Tip #3: Keep Hydrated
Thirst can get mistaken for hunger, leading you to eat when you didn’t need to. Build a habit of drinking some water before and after each meal to make sure you’re getting enough. What’s an easy way to tell if you’re well hydrated? Check the colour of your urine. It should be pale yellow. Beware if you’re taking vitamin B supplements: excessive B2 (aka: riboflavin) can turn your urine a neon yellow colour (it’s otherwise harmless).
Tip #2: Practice Leaving Food on Your Plate
Many people who overeat do so partly because they have a tendency to finish everything on their plate, even when they’re no longer hungry. This is especially the case in restaurants, where the serving sizes can be twice or even three times the amount you normally might serve yourself. Give yourself permission to eat based on how much your body needs (not how much someone else decided you should have). Similarly, if you’re still hungry after eating a serving of food, then return for seconds.
Do you eat out a lot? Check out my guide to healthier restaurant meals!
Tip #1: Prioritize Fibre & Protein
Eating foods that help keep you full for longer can crush food cravings that often lead to overeating. Two nutrients that’ll help you with exactly that are fibre and protein. The good news is they’re found in a variety of foods!
- Whole Grains: try whole grain bread, brown rice, barley, oats, millet, quinoa for lunch or dinner. Choose whole grain pasta, crackers, and cereals over refined versions.
- Nuts & Seeds: try a small handful of peanuts, sunflower seeds, pumpkin seeds, pistachios, cashews, or Brazil nuts when you’re feeling a little hungry.
- Legumes: try adding black beans, chickpeas, kidney beans to a salad, or boiling some edamame for a snack.
- Vegetables: add them to stir-frys, casseroles, pasta dishes, or steam and serve with a dip (like hummus or tzatziki).
- Fruits: try pomegranate, fuyu fruit, kiwi, and berries! Explore ones you’ve never tried yet!
- Whole grains: it might surprise you that most whole grains contain moderate amounts of protein, another reason to add them to your meals often!
- Meats: Choose lean cuts of chicken, beef, or pork. Season with herbs such as thyme, rosemary, or oregano. Marinate them with soy sauce, sesame oil, and ginger for an Asian flavour. Or go Mexican by adding ground cumin, chili powder, and garlic powder.

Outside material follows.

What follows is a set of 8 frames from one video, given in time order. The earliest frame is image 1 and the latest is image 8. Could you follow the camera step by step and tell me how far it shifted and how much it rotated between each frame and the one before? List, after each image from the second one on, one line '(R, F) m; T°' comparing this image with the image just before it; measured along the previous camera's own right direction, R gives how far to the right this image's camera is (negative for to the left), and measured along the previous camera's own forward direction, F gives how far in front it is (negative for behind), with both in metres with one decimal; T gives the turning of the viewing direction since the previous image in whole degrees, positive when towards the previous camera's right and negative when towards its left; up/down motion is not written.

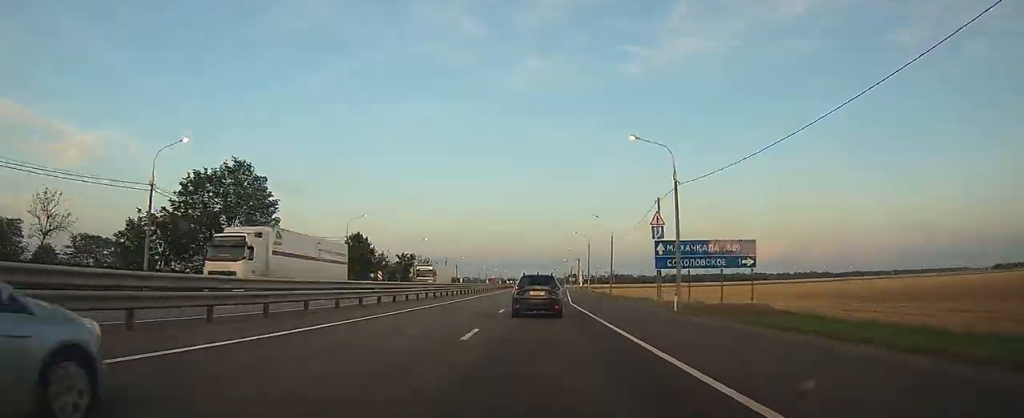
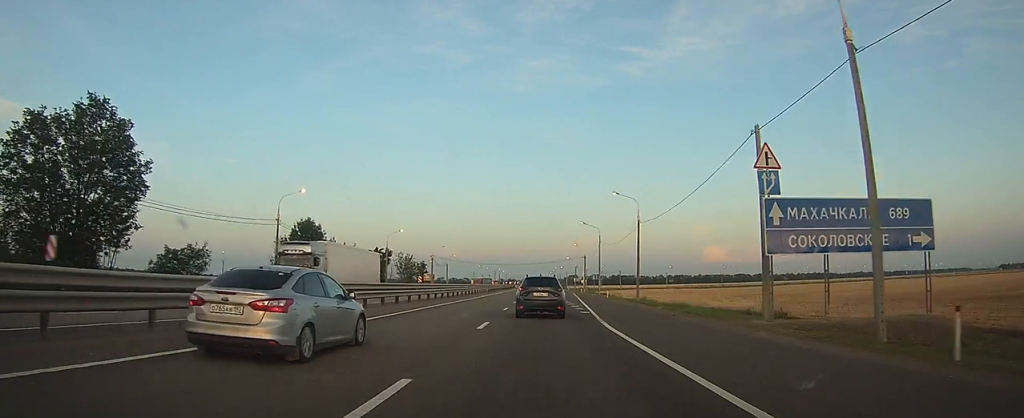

- Nuts: Like legumes, these do double duty! So tap into nut power if you haven’t tried it yet! I also like using peanut butter as a dip for apple slices or bananas.
- Legumes: tofu and soy milk are good sources of protein. Or substitute some meat with red lentils in sloppy Joes, shepherd’s pie, meatloaf, or chili.
- Fish & Seafood: canned salmon or tuna is a convenient source of protein anytime of the day. Trout is a great choice that’s high in heart healthy omega 3s. Bake it with dill and lemon in a 350F oven until the flesh is flaky for a quick and delicious supper.
- Milk & Dairy: Choose a moderate to low fat version of products such as milk or yogurt. If you’re eating cheese (low fat or regular fat), make sure to portion control– aim for an amount about the size of 3 standard dice. Products like sour cream, cream cheese, ice cream, and frozen yogurt usually have too much fat and / or sugar to be considered a nutritious choice.
Taking consistent steps towards healthy eating can help you build habits that become second nature. Any action, no matter how small or imperfect, is a move on the right path. It might be challenging to trust yourself when it comes to making decisions around food right now. Keep working on it, and you will notice small but significant changes over time. I wish you the best on your healthy eating journey!